The cell suspensions of E. senticosus were grown on a nutrient medium which consisted of 50.00 mL of MS macrosalts (20×), 1.00 mL of MS microsalts, 30.00 g of sucrose, 0.10 g of meso-inositol, 0.50 mg of vitamin B6, 0.50 mg of nicotinic acid, 0.10 mg of vitamin B1, 1.00 mg of kinetin, 0.50 mg of 2,4-dichlorophe-noxyacetic acid (2,4-D), and 0.07 g of jasmonic acid (per 1 liter of distilled water).
The cell suspensions of C. pilosula were grown on a nutrient medium which consisted of 50.00 mL of MS macrosalts, 1.00 mL of MS microsalts, 30.00 g of sucrose, 0.10 g of meso-inositol, 0.50 mg of vitamin B6, 0.50 mg of nicotinic acid, 0.10 mg of vitamin B1, 1.00 mg of kinetin, 0.50 mg of 2,4-dichlorophe-noxyacetic acid (2,4-D), 2.00 g of Tween 80 (per 1 liter of distilled water).
The cell suspensions of P. bifolia were grown on a nutrient medium which consisted of 50.00 mL of MS macrosalts, 1.00 mL of MS microsalts, 30.00 g of sucrose, 0.10 g of meso-inositol, 0.50 mg of vitamin B6, 0.50 mg of nicotinic acid, 0.10 mg of vitamin B1, 1.00 mg of kinetin, 0.50 mg of 2,4-dichlorophenoxyacetic acid (2,4-D), 1.00 g of chitosan (per 1 liter of distilled water).
The cell suspensions of S. divaricata were grown on a nutrient medium which consisted of 50.00 mL of MS macrosalts, 1.00 mL of MS microsalts, 30.00 g of sucrose, 0.10 g of meso-inositol, 0.50 mg of vitamin B6, 0.50 mg of nicotinic acid, 0.10 mg of vitamin B1, 1.00 mg of kinetin, and 0.50 mg of 2,4-dichlorophenoxyacetic acid (2,4-D) (per 1 liter of distilled water).
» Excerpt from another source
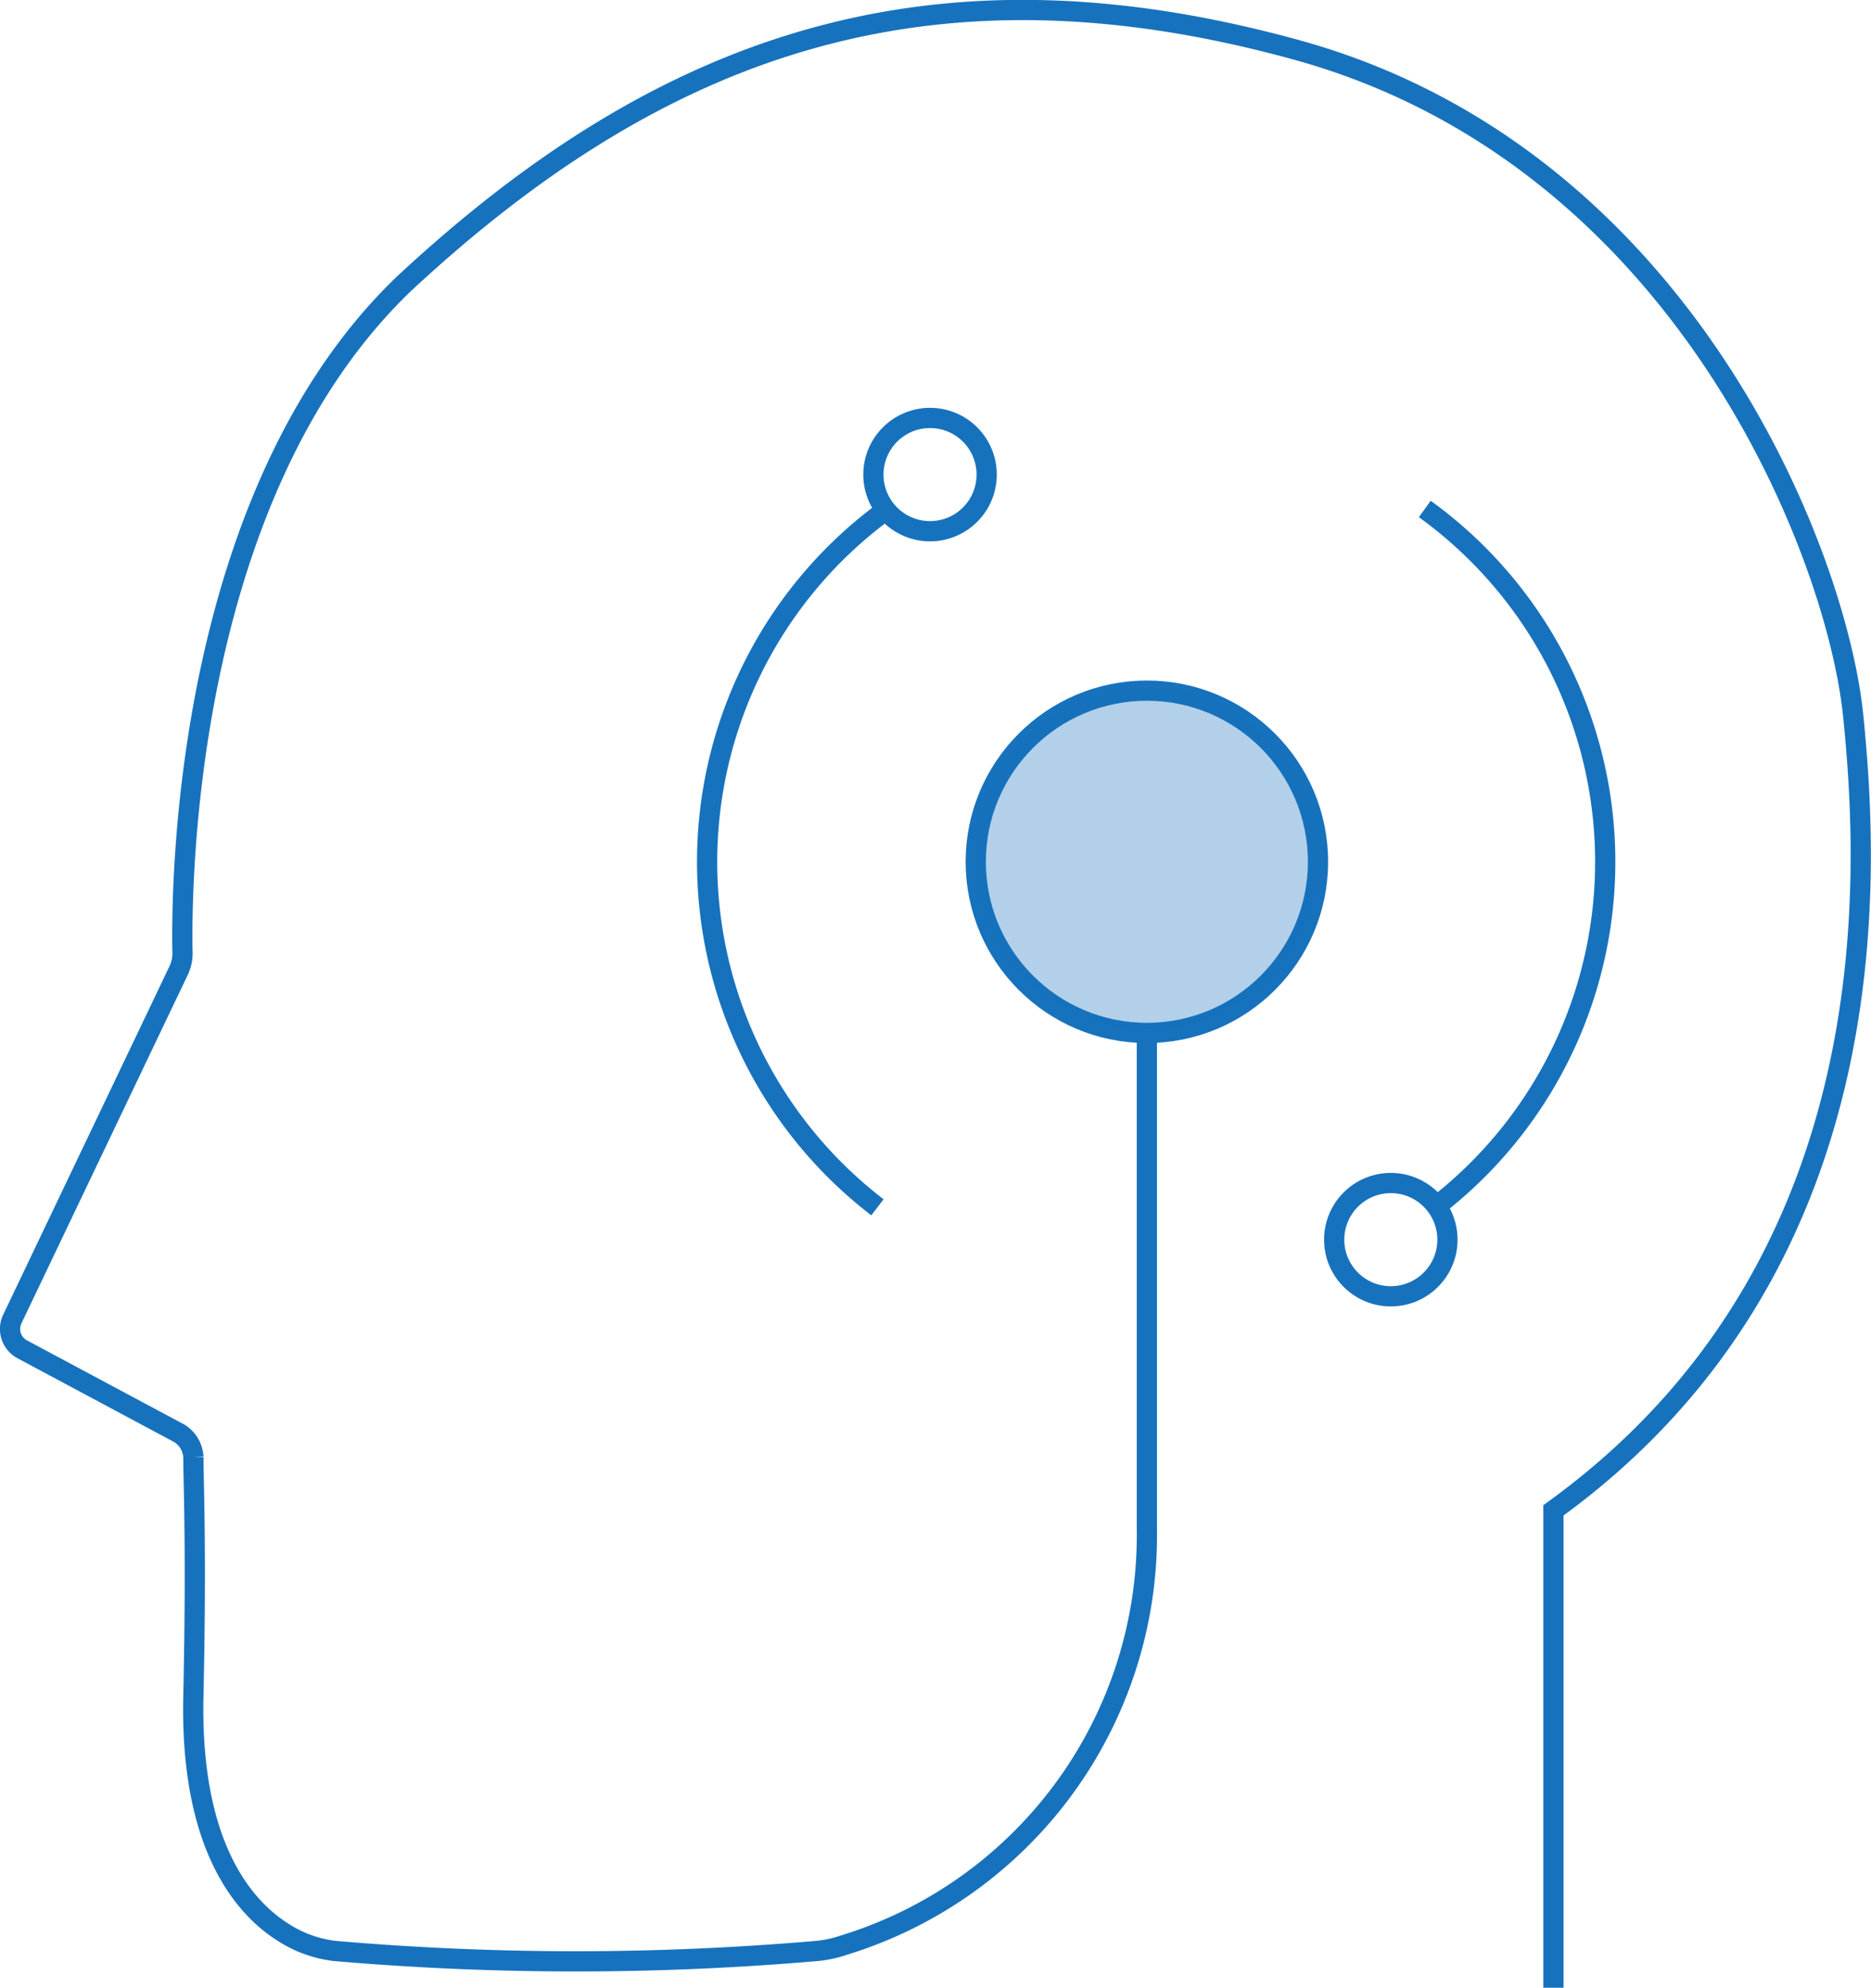 <svg xmlns="http://www.w3.org/2000/svg" viewBox="0 0 46.25 49.13"><defs><style>.cls-1{fill:none;stroke:#1772bd;stroke-miterlimit:10;stroke-width:0.5px;}.cls-2{fill:#1772bd;opacity:0.33;}</style></defs><title>AIA_icon</title><g id="Layer_2" data-name="Layer 2"><g id="Layer_1-2" data-name="Layer 1"><circle class="cls-1" cx="28.35" cy="21.3" r="4.23"/><circle class="cls-2" cx="28.35" cy="21.21" r="4.23"/><path class="cls-1" d="M28.35,25.44V37.8a10.6,10.6,0,0,1-7.5,10.28,2.9,2.9,0,0,1-.65.14,69.3,69.3,0,0,1-11.93,0A3,3,0,0,1,7,47.76c-1-.63-2.3-2.17-2.22-5.83s0-5.29,0-5.92a.73.73,0,0,0-.36-.59L.55,33.35a.57.57,0,0,1-.24-.76L4.41,24a1,1,0,0,0,.1-.5C4.48,21.8,4.56,12.2,10,7,16.35,1.1,23-1.28,32.11,1.25,41.6,3.9,45.4,13.65,45.81,17.69s.89,13.64-7.41,19.64v11.8"/><path class="cls-1" d="M21.69,29.84a10.76,10.76,0,0,1,.25-17.26"/><path class="cls-1" d="M35.47,29.84a10.76,10.76,0,0,0-.25-17.26"/><circle class="cls-1" cx="22.99" cy="11.73" r="1.4"/><circle class="cls-1" cx="34.38" cy="30.64" r="1.4"/></g></g></svg>

The cell suspension cultures were maintained under 16 h of light and 8 h of dark for 14–21 days.
The root cultures (hairy roots) were obtained from the leaves of 14–28-day-old seedlings. The seedling explants were inoculated with a wild strain of Agrobacterium rhizogenes A4 grown on a YEB nutrient medium for 48 h in the dark at 26°C in a shaker that performed circular motions with an amplitude of 5–10 cm and rotation speed of 90 rpm. The medium consisted of 5 g/L of peptone, 1 g/L of yeast extract, 5 g/L of sucrose, and 0.5 g/L of MgCl2 [19].
The transformation was conducted according to the following pattern. After a pair of leaves appeared, the aerial part of the seedlings was separated from the roots, and the leaves, the caulicle, and the hypocotyl were cut into 1.0–1.5 cm segments. After that, the leaf rib was carefully pricked with an insulin syringe needle along the epicotyl and hypocotyls, attempting to reach the vascular system in the center and of the plant. The explants were subsequently transferred onto the YEB medium and kept in a magnetic bath for 10–100 for a more efficient transformation. The incubation time was 48 h. After the incubation of the explants with agrobacterium, the plant material was rinsed in sterile water and transferred onto solid Gamborg B5 medium. To eliminate A. rhizogenes, the medium contained 500 mg/L of claforan [20]. The Petri dishes with the explants were placed in a light chamber, where they stayed until they developed transformed roots.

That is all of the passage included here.